### TASK DIRECTIONS
Return, word for word, every line starting at the line with "Q: Is the text italic" and ending at the final line of the entries; skip the pictures.
-- RECORDS SHOWN follows --
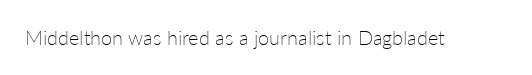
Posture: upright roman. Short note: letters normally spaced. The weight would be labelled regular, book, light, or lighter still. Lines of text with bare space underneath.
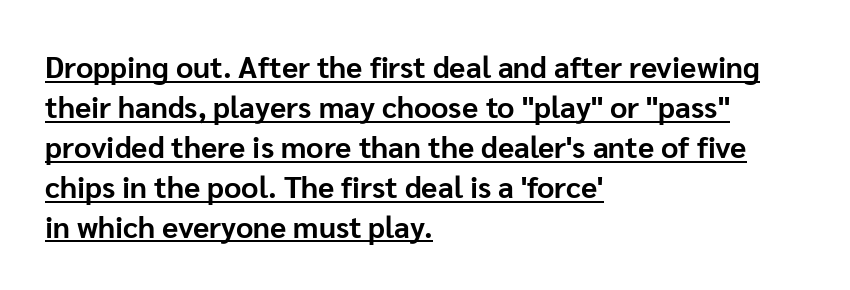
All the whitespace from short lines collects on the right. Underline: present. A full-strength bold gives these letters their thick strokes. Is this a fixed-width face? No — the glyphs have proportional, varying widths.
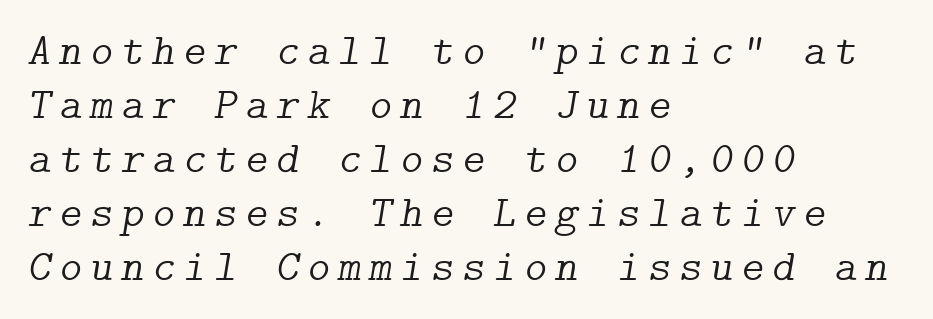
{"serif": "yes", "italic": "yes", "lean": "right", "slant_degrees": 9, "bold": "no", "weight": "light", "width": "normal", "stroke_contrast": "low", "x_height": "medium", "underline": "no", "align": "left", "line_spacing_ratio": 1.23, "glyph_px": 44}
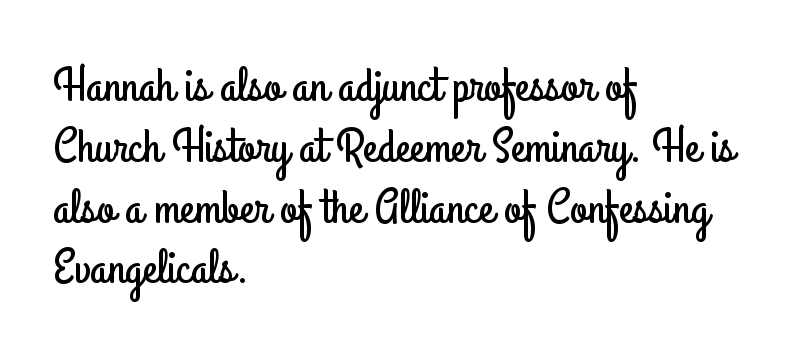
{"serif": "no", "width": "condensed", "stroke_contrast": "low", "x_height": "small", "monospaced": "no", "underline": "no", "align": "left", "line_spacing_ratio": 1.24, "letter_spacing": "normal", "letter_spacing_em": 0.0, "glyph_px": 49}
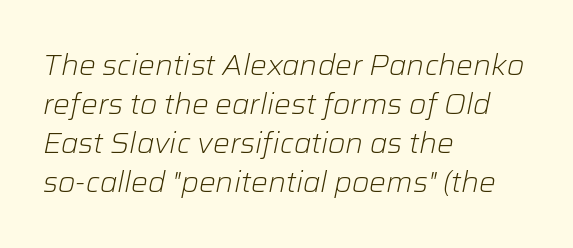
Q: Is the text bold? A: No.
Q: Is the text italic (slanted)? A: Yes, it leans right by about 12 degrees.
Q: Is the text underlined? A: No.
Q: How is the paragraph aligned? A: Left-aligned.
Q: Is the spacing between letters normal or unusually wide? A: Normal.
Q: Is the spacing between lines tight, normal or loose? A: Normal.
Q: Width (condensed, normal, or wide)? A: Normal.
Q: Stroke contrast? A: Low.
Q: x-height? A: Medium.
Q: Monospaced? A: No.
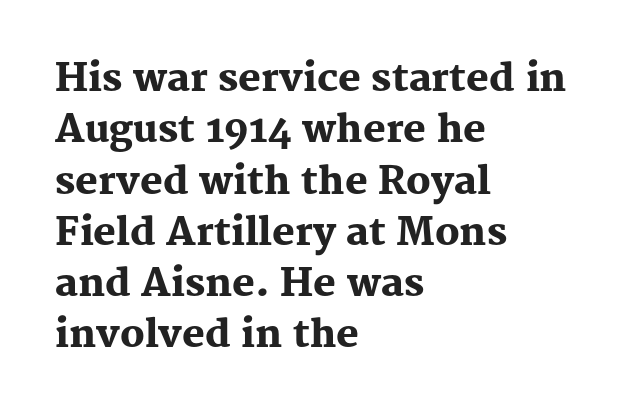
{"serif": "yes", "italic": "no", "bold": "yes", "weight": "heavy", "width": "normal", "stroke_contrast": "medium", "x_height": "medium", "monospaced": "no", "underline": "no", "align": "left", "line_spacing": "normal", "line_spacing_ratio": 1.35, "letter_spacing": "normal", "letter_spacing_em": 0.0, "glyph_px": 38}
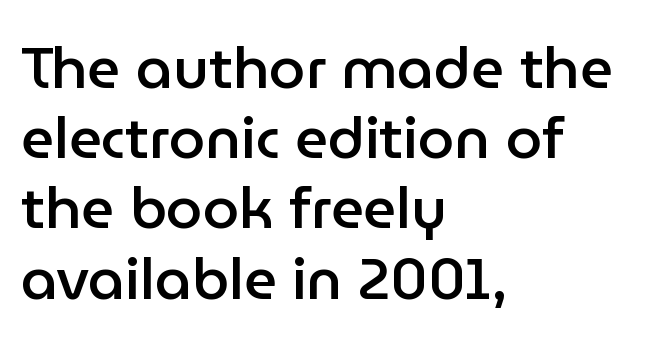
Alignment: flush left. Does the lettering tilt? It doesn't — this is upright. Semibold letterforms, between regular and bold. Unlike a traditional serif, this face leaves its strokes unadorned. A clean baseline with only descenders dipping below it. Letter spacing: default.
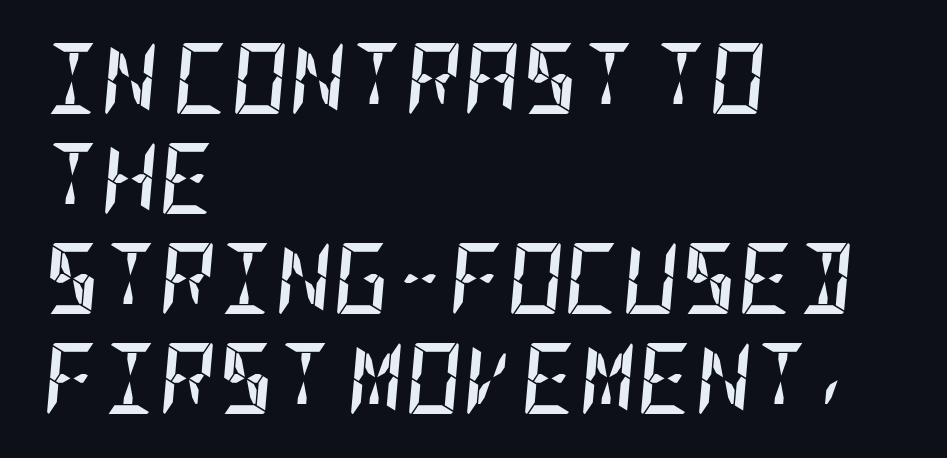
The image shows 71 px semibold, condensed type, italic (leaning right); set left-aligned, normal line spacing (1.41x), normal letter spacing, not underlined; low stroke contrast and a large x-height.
-- RECORDS SHOWN concluded --
### ANSWER BOX
Q: Is the text italic (slanted)? A: Yes, it leans right by about 12 degrees.
Q: Is the text underlined? A: No.
Q: How is the paragraph aligned? A: Left-aligned.
Q: Is the spacing between letters normal or unusually wide? A: Normal.
Q: Is the spacing between lines tight, normal or loose? A: Normal.
Q: Width (condensed, normal, or wide)? A: Normal.
Q: Stroke contrast? A: Low.
Q: x-height? A: Medium.
Q: Monospaced? A: No.
{"serif": "yes", "italic": "no", "bold": "yes", "weight": "heavy", "width": "normal", "stroke_contrast": "medium", "x_height": "medium", "monospaced": "no", "underline": "no", "align": "left", "line_spacing": "normal", "line_spacing_ratio": 1.35, "letter_spacing": "normal", "letter_spacing_em": 0.0, "glyph_px": 38}
Alignment: flush left. Does the lettering tilt? It doesn't — this is upright. Semibold letterforms, between regular and bold. Unlike a traditional serif, this face leaves its strokes unadorned. A clean baseline with only descenders dipping below it. Letter spacing: default.
The image shows 71 px semibold, condensed type, italic (leaning right); set left-aligned, normal line spacing (1.41x), normal letter spacing, not underlined; low stroke contrast and a large x-height.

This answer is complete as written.